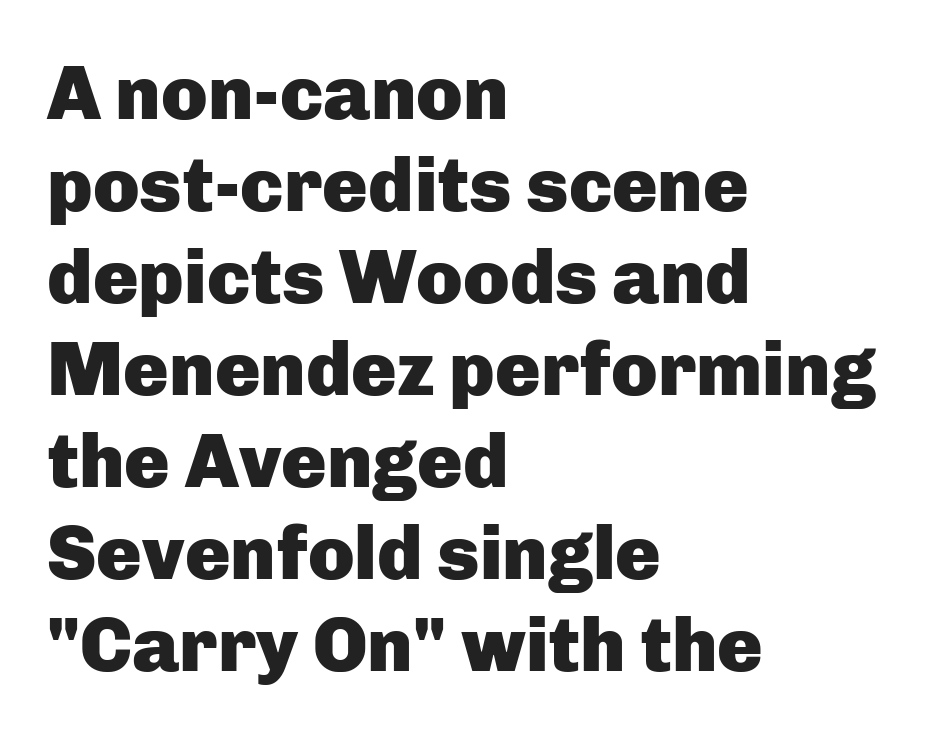
The image shows 76 px heavy sans-serif type, upright; set left-aligned, line spacing 1.21x, normal letter spacing, not underlined; low stroke contrast and a medium x-height.
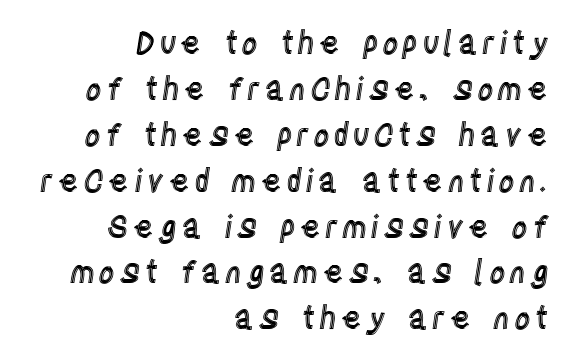
Q: Is the text italic (slanted)? A: Yes.
Q: Is the text underlined? A: No.
Q: How is the paragraph aligned? A: Right-aligned.
Q: Is the spacing between lines tight, normal or loose? A: Normal.
Q: Width (condensed, normal, or wide)? A: Condensed.
Q: x-height? A: Large.
Q: Monospaced? A: No.
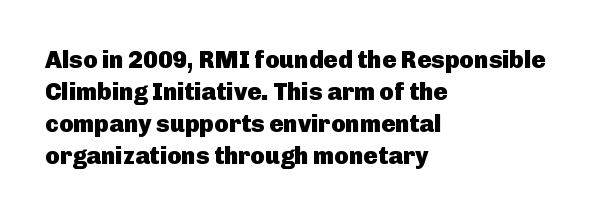
Q: Is the text bold? A: Yes.
Q: Is the text italic (slanted)? A: No, it is upright.
Q: Is the text underlined? A: No.
Q: How is the paragraph aligned? A: Left-aligned.
Q: Is the spacing between letters normal or unusually wide? A: Normal.
Q: Is the spacing between lines tight, normal or loose? A: Normal.
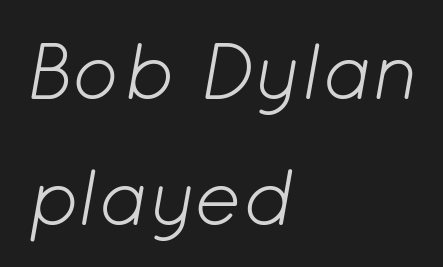
{"italic": "yes", "lean": "right", "slant_degrees": 12, "bold": "no", "weight": "light", "width": "normal", "stroke_contrast": "low", "x_height": "medium", "monospaced": "no", "underline": "no", "align": "left", "line_spacing": "normal", "line_spacing_ratio": 1.58, "letter_spacing": "normal", "letter_spacing_em": 0.0, "glyph_px": 80}
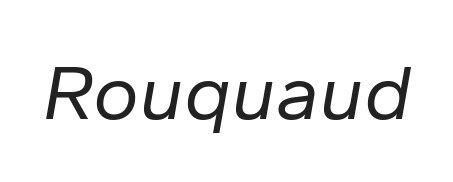
The image shows 78 px regular-weight type, italic (leaning right); set normal letter spacing, not underlined; low stroke contrast and a medium x-height.
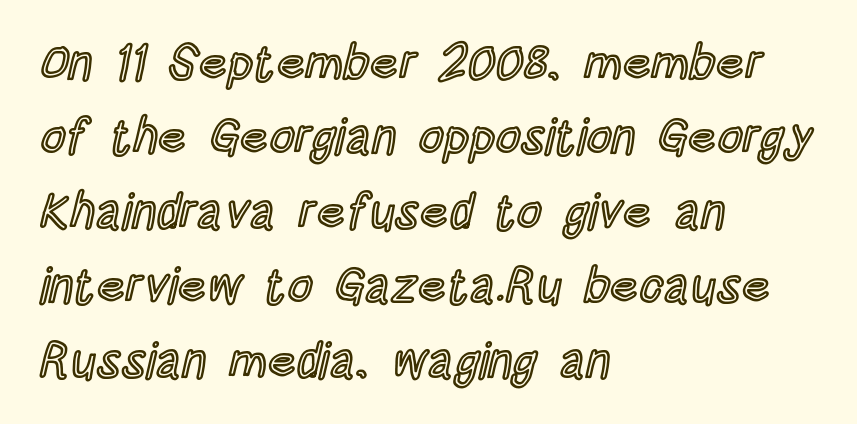
The image shows 49 px condensed type; set left-aligned, normal line spacing (1.52x), normal letter spacing, not underlined; a large x-height.

□ □ □ □ □ □ □

**What you are asked to do:** Return the data word for word without its pictures.

**Answer to this exercise:**
The image shows 76 px heavy sans-serif type, upright; set left-aligned, line spacing 1.21x, normal letter spacing, not underlined; low stroke contrast and a medium x-height.
Q: Is the text italic (slanted)? A: Yes.
Q: Is the text underlined? A: No.
Q: How is the paragraph aligned? A: Right-aligned.
Q: Is the spacing between lines tight, normal or loose? A: Normal.
Q: Width (condensed, normal, or wide)? A: Condensed.
Q: x-height? A: Large.
Q: Monospaced? A: No.
Q: Is the text bold? A: Yes.
Q: Is the text italic (slanted)? A: No, it is upright.
Q: Is the text underlined? A: No.
Q: How is the paragraph aligned? A: Left-aligned.
Q: Is the spacing between letters normal or unusually wide? A: Normal.
Q: Is the spacing between lines tight, normal or loose? A: Normal.
{"italic": "yes", "lean": "right", "slant_degrees": 12, "bold": "no", "weight": "light", "width": "normal", "stroke_contrast": "low", "x_height": "medium", "monospaced": "no", "underline": "no", "align": "left", "line_spacing": "normal", "line_spacing_ratio": 1.58, "letter_spacing": "normal", "letter_spacing_em": 0.0, "glyph_px": 80}
The image shows 78 px regular-weight type, italic (leaning right); set normal letter spacing, not underlined; low stroke contrast and a medium x-height.
The image shows 49 px condensed type; set left-aligned, normal line spacing (1.52x), normal letter spacing, not underlined; a large x-height.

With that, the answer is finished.